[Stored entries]
+++++

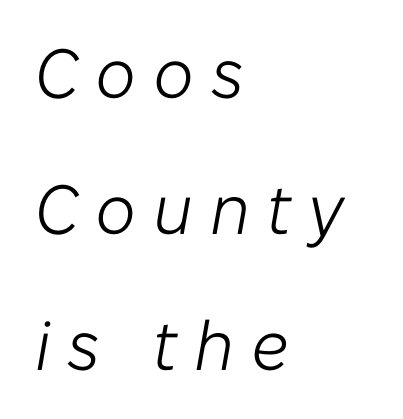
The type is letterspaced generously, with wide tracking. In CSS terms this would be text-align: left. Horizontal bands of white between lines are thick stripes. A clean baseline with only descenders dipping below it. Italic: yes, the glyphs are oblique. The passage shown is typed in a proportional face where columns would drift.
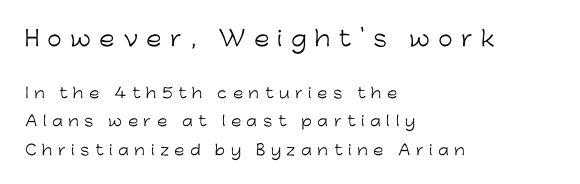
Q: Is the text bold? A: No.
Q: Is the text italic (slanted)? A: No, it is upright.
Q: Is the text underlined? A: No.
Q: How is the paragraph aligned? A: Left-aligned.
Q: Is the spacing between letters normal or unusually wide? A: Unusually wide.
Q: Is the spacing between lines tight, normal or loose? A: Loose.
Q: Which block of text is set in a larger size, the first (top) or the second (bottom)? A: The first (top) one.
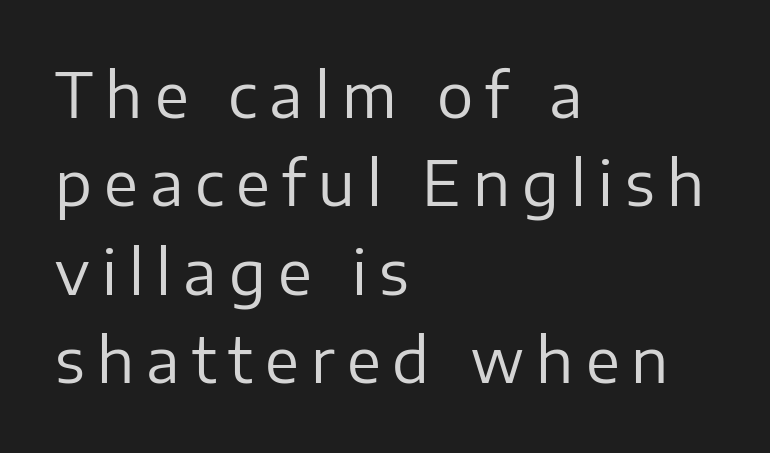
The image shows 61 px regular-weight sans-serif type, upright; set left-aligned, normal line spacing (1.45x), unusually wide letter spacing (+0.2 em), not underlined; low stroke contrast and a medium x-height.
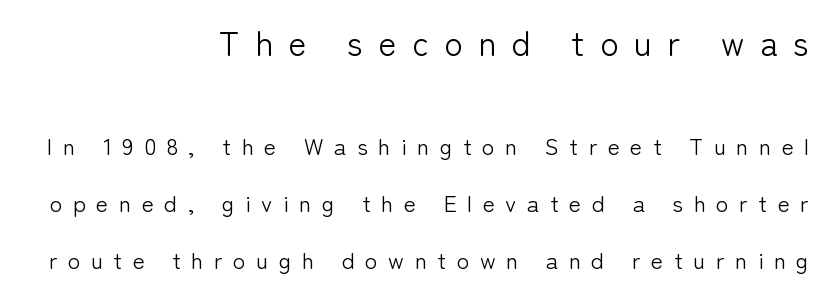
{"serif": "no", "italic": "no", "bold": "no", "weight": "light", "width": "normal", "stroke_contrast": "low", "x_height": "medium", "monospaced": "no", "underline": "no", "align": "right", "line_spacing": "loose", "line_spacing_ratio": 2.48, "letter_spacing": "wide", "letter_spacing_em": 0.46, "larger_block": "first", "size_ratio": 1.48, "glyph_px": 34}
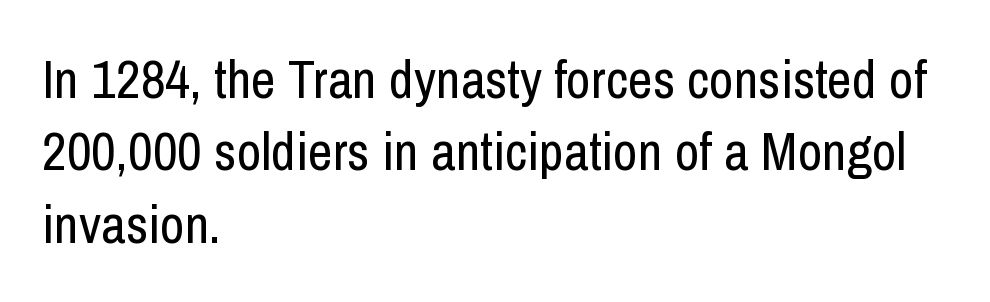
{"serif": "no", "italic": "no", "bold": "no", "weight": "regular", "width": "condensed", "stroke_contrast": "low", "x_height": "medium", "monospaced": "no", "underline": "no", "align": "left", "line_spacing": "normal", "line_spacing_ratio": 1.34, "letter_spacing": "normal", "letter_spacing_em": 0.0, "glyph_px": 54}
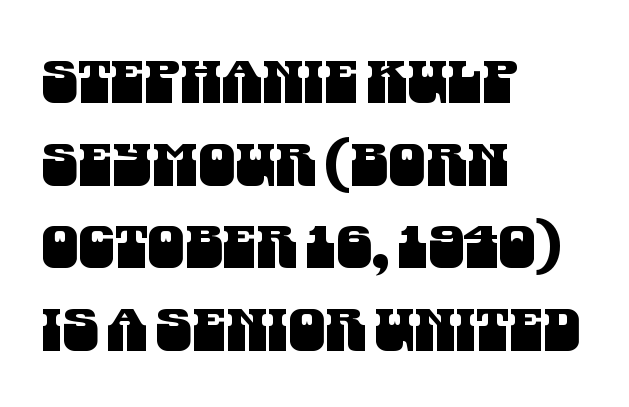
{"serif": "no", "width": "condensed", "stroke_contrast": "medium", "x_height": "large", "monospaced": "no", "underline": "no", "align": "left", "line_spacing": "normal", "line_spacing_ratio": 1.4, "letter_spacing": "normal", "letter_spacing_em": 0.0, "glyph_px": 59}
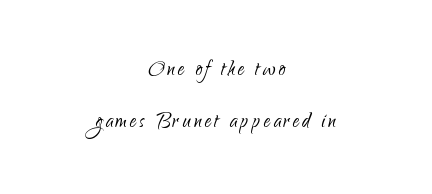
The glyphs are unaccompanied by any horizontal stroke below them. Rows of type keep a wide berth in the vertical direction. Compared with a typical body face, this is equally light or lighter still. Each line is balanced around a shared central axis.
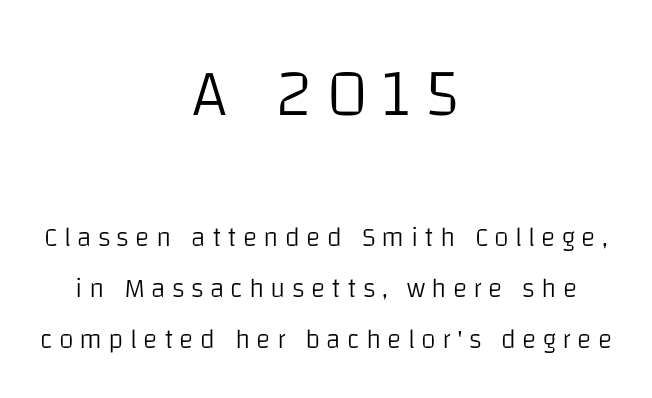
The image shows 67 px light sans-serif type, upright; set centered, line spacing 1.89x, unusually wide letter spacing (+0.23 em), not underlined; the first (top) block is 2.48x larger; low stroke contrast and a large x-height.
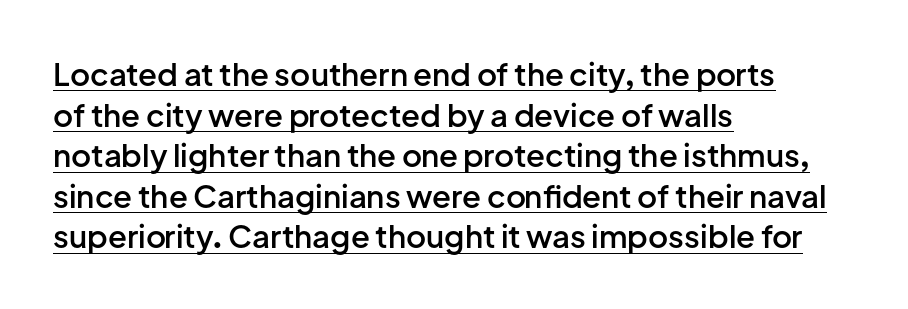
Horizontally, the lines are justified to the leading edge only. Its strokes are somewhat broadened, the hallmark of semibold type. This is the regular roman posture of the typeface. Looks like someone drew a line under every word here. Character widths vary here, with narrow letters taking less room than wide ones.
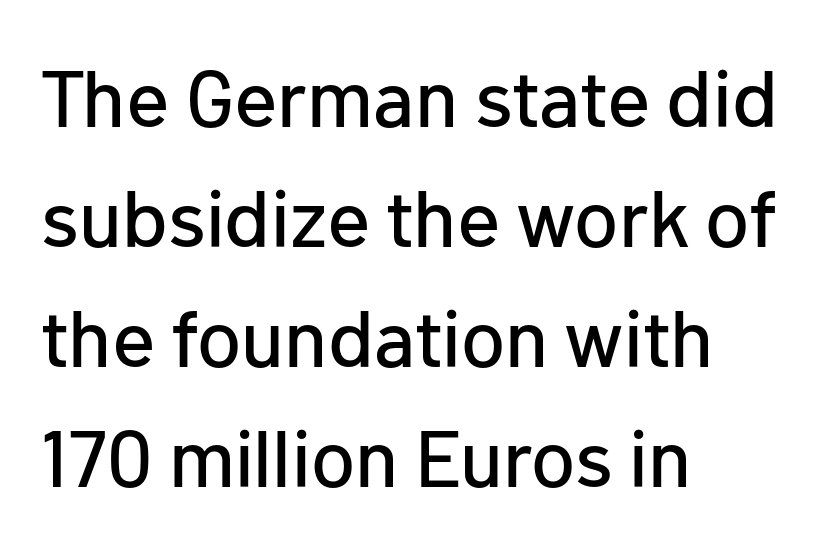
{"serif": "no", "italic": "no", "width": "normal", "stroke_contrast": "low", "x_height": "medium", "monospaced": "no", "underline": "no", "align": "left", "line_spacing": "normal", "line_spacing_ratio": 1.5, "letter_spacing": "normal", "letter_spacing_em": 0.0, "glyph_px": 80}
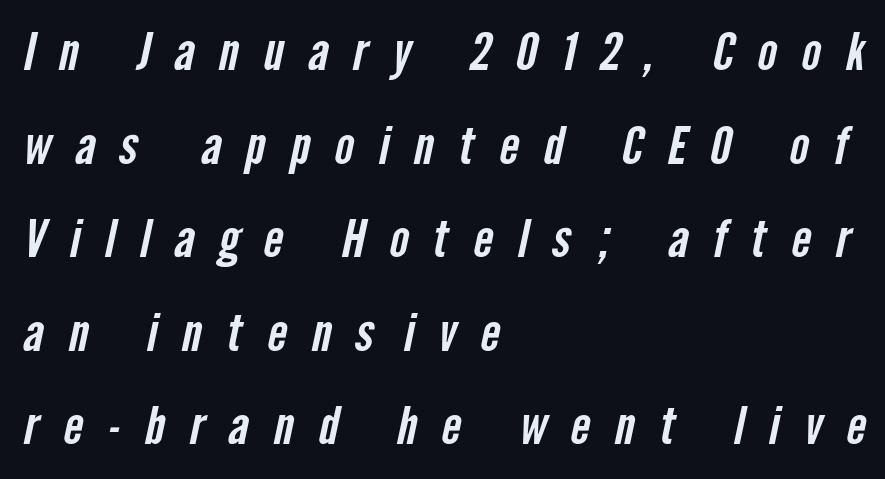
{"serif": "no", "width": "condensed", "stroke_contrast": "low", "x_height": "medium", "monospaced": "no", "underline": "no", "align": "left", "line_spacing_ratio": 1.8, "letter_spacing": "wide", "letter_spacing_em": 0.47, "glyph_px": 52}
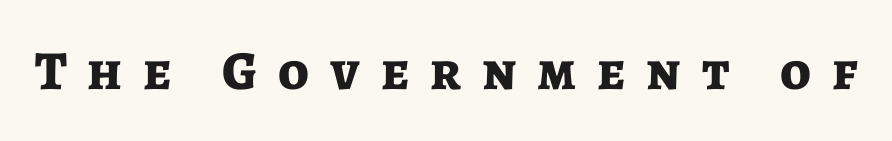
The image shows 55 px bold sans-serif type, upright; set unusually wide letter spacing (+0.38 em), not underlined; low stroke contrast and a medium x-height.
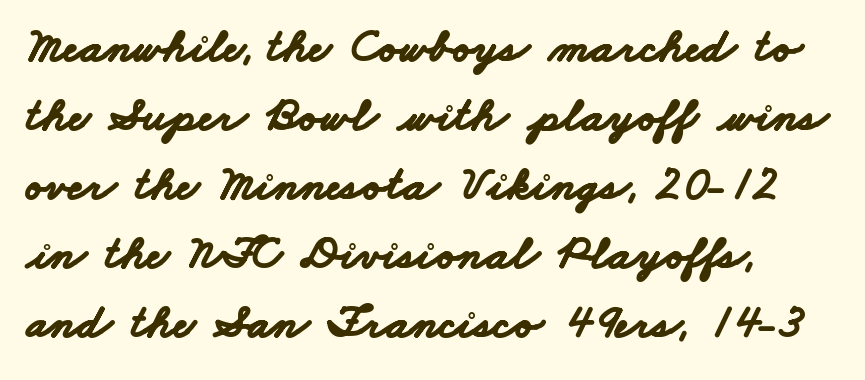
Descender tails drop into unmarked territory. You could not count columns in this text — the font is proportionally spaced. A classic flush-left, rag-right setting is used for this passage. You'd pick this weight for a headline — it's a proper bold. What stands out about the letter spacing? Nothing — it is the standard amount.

+++++

Keep every word of the lines above unchanged in the copy, and omit the pictures.

__OUTPUT BELOW__:
The type is letterspaced generously, with wide tracking. In CSS terms this would be text-align: left. Horizontal bands of white between lines are thick stripes. A clean baseline with only descenders dipping below it. Italic: yes, the glyphs are oblique. The passage shown is typed in a proportional face where columns would drift.
Q: Is the text bold? A: No.
Q: Is the text italic (slanted)? A: No, it is upright.
Q: Is the text underlined? A: No.
Q: How is the paragraph aligned? A: Left-aligned.
Q: Is the spacing between letters normal or unusually wide? A: Unusually wide.
Q: Is the spacing between lines tight, normal or loose? A: Loose.
Q: Which block of text is set in a larger size, the first (top) or the second (bottom)? A: The first (top) one.
The image shows 61 px regular-weight sans-serif type, upright; set left-aligned, normal line spacing (1.45x), unusually wide letter spacing (+0.2 em), not underlined; low stroke contrast and a medium x-height.
{"serif": "no", "italic": "no", "bold": "no", "weight": "light", "width": "normal", "stroke_contrast": "low", "x_height": "medium", "monospaced": "no", "underline": "no", "align": "right", "line_spacing": "loose", "line_spacing_ratio": 2.48, "letter_spacing": "wide", "letter_spacing_em": 0.46, "larger_block": "first", "size_ratio": 1.48, "glyph_px": 34}
{"serif": "no", "italic": "no", "bold": "no", "weight": "regular", "width": "condensed", "stroke_contrast": "low", "x_height": "medium", "monospaced": "no", "underline": "no", "align": "left", "line_spacing": "normal", "line_spacing_ratio": 1.34, "letter_spacing": "normal", "letter_spacing_em": 0.0, "glyph_px": 54}
{"serif": "no", "width": "condensed", "stroke_contrast": "medium", "x_height": "large", "monospaced": "no", "underline": "no", "align": "left", "line_spacing": "normal", "line_spacing_ratio": 1.4, "letter_spacing": "normal", "letter_spacing_em": 0.0, "glyph_px": 59}
The glyphs are unaccompanied by any horizontal stroke below them. Rows of type keep a wide berth in the vertical direction. Compared with a typical body face, this is equally light or lighter still. Each line is balanced around a shared central axis.
The image shows 67 px light sans-serif type, upright; set centered, line spacing 1.89x, unusually wide letter spacing (+0.23 em), not underlined; the first (top) block is 2.48x larger; low stroke contrast and a large x-height.
Horizontally, the lines are justified to the leading edge only. Its strokes are somewhat broadened, the hallmark of semibold type. This is the regular roman posture of the typeface. Looks like someone drew a line under every word here. Character widths vary here, with narrow letters taking less room than wide ones.
{"serif": "no", "italic": "no", "width": "normal", "stroke_contrast": "low", "x_height": "medium", "monospaced": "no", "underline": "no", "align": "left", "line_spacing": "normal", "line_spacing_ratio": 1.5, "letter_spacing": "normal", "letter_spacing_em": 0.0, "glyph_px": 80}
{"serif": "no", "width": "condensed", "stroke_contrast": "low", "x_height": "medium", "monospaced": "no", "underline": "no", "align": "left", "line_spacing_ratio": 1.8, "letter_spacing": "wide", "letter_spacing_em": 0.47, "glyph_px": 52}
The image shows 55 px bold sans-serif type, upright; set unusually wide letter spacing (+0.38 em), not underlined; low stroke contrast and a medium x-height.
Descender tails drop into unmarked territory. You could not count columns in this text — the font is proportionally spaced. A classic flush-left, rag-right setting is used for this passage. You'd pick this weight for a headline — it's a proper bold. What stands out about the letter spacing? Nothing — it is the standard amount.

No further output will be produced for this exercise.